To continue down this path is simply unsustainable and a major correction has to occur. The way we manage our land use and water resources simply has to change. Working on better soil condition, water use, biodiversity, retaining carbon in soils and animal welfare are all ways we can improve our resource management. Rotating crops, using less pesticides and herbicides are certainly smarter ways to farm.[4]

To highlight the need to change farming practices, we examine the nutrient content of some commercially produced fruit and vegetable. We have been taught that we should eat plenty of vegetables and fruit, on the basis that they are good for us. But as our next article discusses, it is now possible to possible to buy an Orange with zero Vitamin C, or in Australia, carrots with a Vitamin A content, that has dropped 99% (between 1948 & 1991). And it is not just fruit and vegetables. In the UK, the mineral content of meat has dropped significantly – iron by 54%, copper by 24%, calcium by 41%, etc. Modern farming practices are robbing the soil of nutrients which help make these things so good for you.[5]

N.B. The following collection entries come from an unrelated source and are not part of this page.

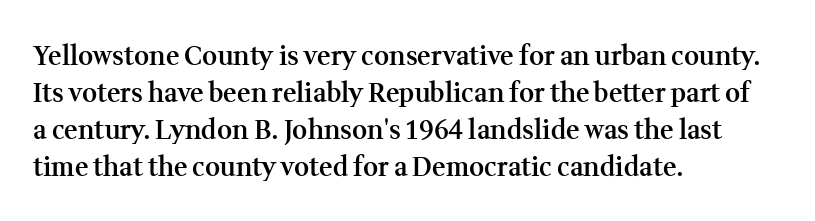
Q: Is the text bold? A: Semi-bold.
Q: Is the text italic (slanted)? A: No, it is upright.
Q: Is the text underlined? A: No.
Q: How is the paragraph aligned? A: Left-aligned.
Q: Is the spacing between letters normal or unusually wide? A: Normal.
Q: Is the spacing between lines tight, normal or loose? A: Normal.
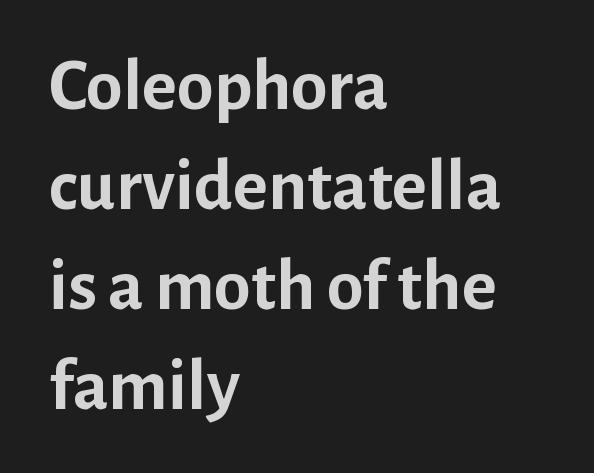
The image shows 74 px semibold sans-serif type, upright; set left-aligned, normal line spacing (1.35x), normal letter spacing, not underlined; low stroke contrast and a medium x-height.
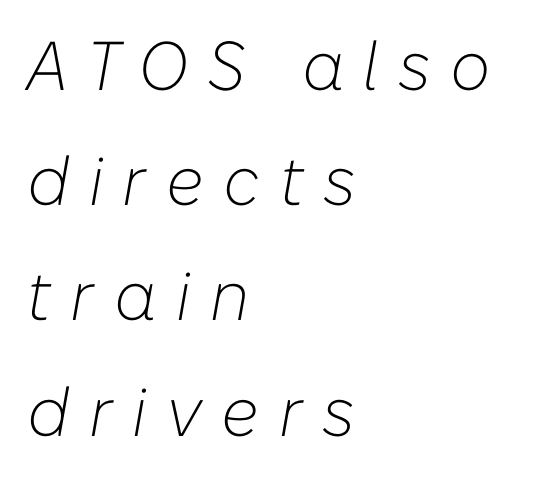
Baseline-to-baseline distance is the conventional proportion of letter height. Each stroke keeps to a modest, everyday thickness or less. A classic flush-left, rag-right setting is used for this passage. The letterforms stand isolated, each surrounded by extra space. Do the characters align in a grid? No, the font is proportional. Italic: yes, the glyphs are oblique.
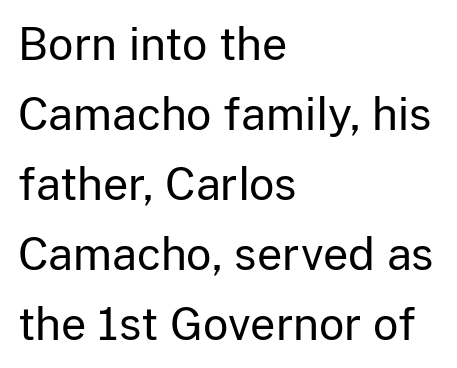
Q: Is the text bold? A: No.
Q: Is the text italic (slanted)? A: No, it is upright.
Q: Is the typeface a serif or a sans-serif typeface? A: Sans-serif.
Q: Is the text underlined? A: No.
Q: How is the paragraph aligned? A: Left-aligned.
Q: Is the spacing between letters normal or unusually wide? A: Normal.
Q: Is the spacing between lines tight, normal or loose? A: Normal.
Q: Width (condensed, normal, or wide)? A: Normal.
Q: Stroke contrast? A: Low.
Q: x-height? A: Medium.
Q: Monospaced? A: No.

Not only do we need to be mindful of the loss of nutrients, we also need to be aware of the amount of carbon stored in the soil. Feeding the world’s population is a very carbon intensive process. About three times the carbon currently in the atmosphere is stored in the Earth’s soil — up to 2.4 trillion metric tons, or roughly 240 times the amount of carbon dioxide emitted by burning fossil fuels annually. If all the Earth’s farmers were to manage their fields so the soil stored more carbon, impacts of the greenhouse gases emitted from burning fossil fuels annually could be cut by between 50 and 80 percent.[6]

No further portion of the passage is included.